Alvar Núñez Cabeza de Vaca (Jerez de la Frontera, 1488/1490 – Valladolid, 27 May 1559):
He was born into a noble family, his father and grandfather were renowned military men. He set out as a sheriff on a mission to conquer Florida and find the fountain of eternal youth. Before arriving in Florida, they lost many men to bad weather and Indian attacks, and some men abandoned the expedition because it was extremely dangerous. The Indians told the Spaniards that the gold they were looking for was north of Florida, in the Appalachian province. The Carancagua Indians turned them into slaves. After many years with the Indians, Alvar learned to heal people from the teachings of the tribe that adopted him. He healed the son of a tribal chief, and was granted his freedom. He and other former Spanish slaves went throughout South America healing people as they searched for a Spanish settlement in the American territory. They finally found such a territory, and he returned to Spain. There he was granted the title of Governor of the Rio de la Plata. When he returned to America again, he disagreed with the treatment of the Indians by the Spaniards, and tried to defend the situation and restore order, but was condemned. He died in Seville, and insisted on re-establishing his honour, since the charges against him, accused of abuse of power in the repression of the insurgents, did not honour the acts he carried out. In addition to this, he discovered and discovered the Iguazu Falls and wrote the first ethnographic book on the indigenous populations of the Gulf of Mexico, called Naufragios (Shipwrecks).
María Pita (Santiago de Sigrás, La Coruña 1565-1643):
On 3 May 1589, English troops arrived in La Coruña. The attack was part of the strategy maintained by the Queen of England, Isabella I, to take the throne of Portugal from her brother-in-law and later rejected pretender, King Philip II. The English surrounded the city of La Coruña, opened a breach in the wall that defended it and began the assault on the city. During this assault, they killed María Pita’s husband. It is said that she, filled with rage, snatched a lance with the English flag and with it killed the captain who was leading the assault on La Coruña. This made the English troops, made up of 12,000 soldiers, retreat and consider the attempt to take La Coruña lost. The story goes that this event was carried out to the cry (in Galician) of “Quen teña honra, que me siga” (which in English means: “whoever has honour, follow me”).
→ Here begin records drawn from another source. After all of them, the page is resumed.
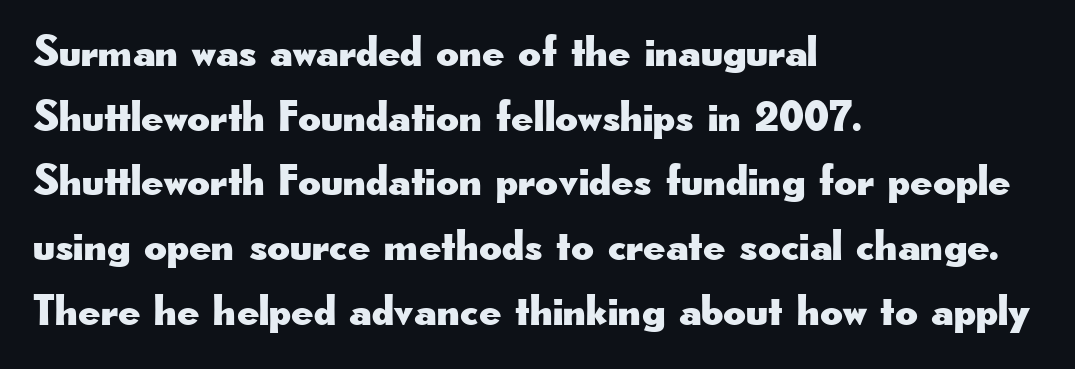
Q: Is the text italic (slanted)? A: No, it is upright.
Q: Is the typeface a serif or a sans-serif typeface? A: Sans-serif.
Q: Is the text underlined? A: No.
Q: How is the paragraph aligned? A: Left-aligned.
Q: Is the spacing between letters normal or unusually wide? A: Normal.
Q: Is the spacing between lines tight, normal or loose? A: Normal.
Q: Width (condensed, normal, or wide)? A: Wide.
Q: Stroke contrast? A: Low.
Q: x-height? A: Small.
Q: Monospaced? A: No.
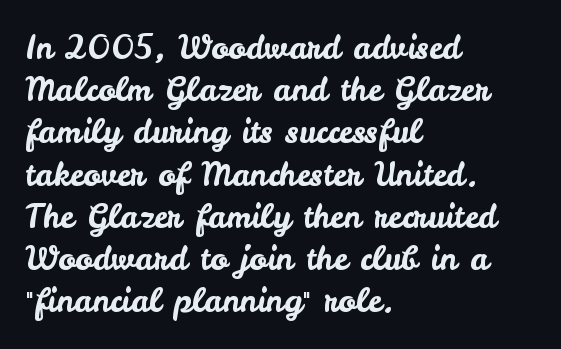
Left-aligned paragraph, ragged on the right. Look at the bottom of the vertical strokes: they stop flat, with no serifs. Clear beneath every line of the passage. Short note: letters normally spaced.
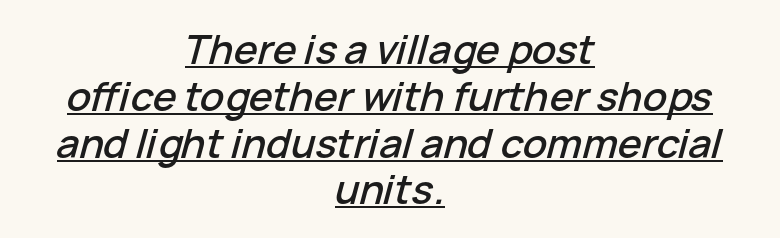
A baseline rule has been typeset under these characters. The typography opts for an oblique posture over an upright one. Centered paragraph, ragged on both sides. No extra tracking has been applied to these lines. You could not count columns in this text — the font is proportionally spaced.
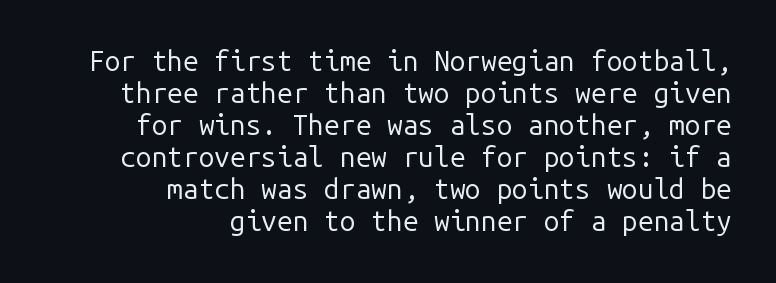
Rows of type sit shoulder to shoulder in the vertical direction. Rendered with straight, roman letterforms. Plain, unruled lines of type. The face looks like a standard text weight, possibly lighter. You could call the tracking neutral — neither tight nor loose. Caption: multi-line text, flush right, ragged left.
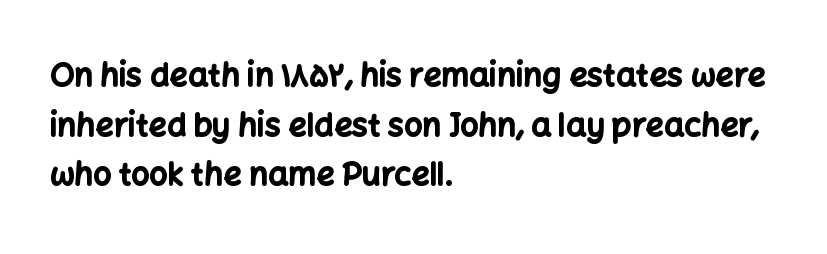
{"serif": "no", "italic": "no", "bold": "yes", "weight": "bold", "width": "normal", "stroke_contrast": "low", "x_height": "medium", "monospaced": "no", "underline": "no", "align": "left", "line_spacing": "normal", "line_spacing_ratio": 1.55, "letter_spacing": "normal", "letter_spacing_em": 0.0, "glyph_px": 32}
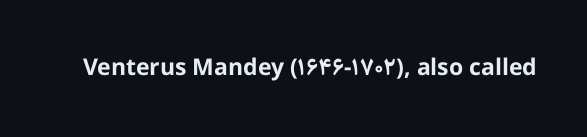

Once the battle was over, María Pita, along with other women who had fought in the battle, helped to collect the corpses and take care of the wounded. Although María Pita has gone down in history, there were many women who participated in the defense of the city. The enormous support of the women of A Coruña is remembered with great pride, because they were in the front line of defense fighting against the invasion and in the rearguard treating the wounded.
We liked this activity very much, it was a very complete activity because we learned more about the history of Bulgaria and Tryavna, besides seeing the house/museum and we visited other places. Finally, It was also the first activity that we spoke in front of the children in Bulgarian. It was a real challenge!!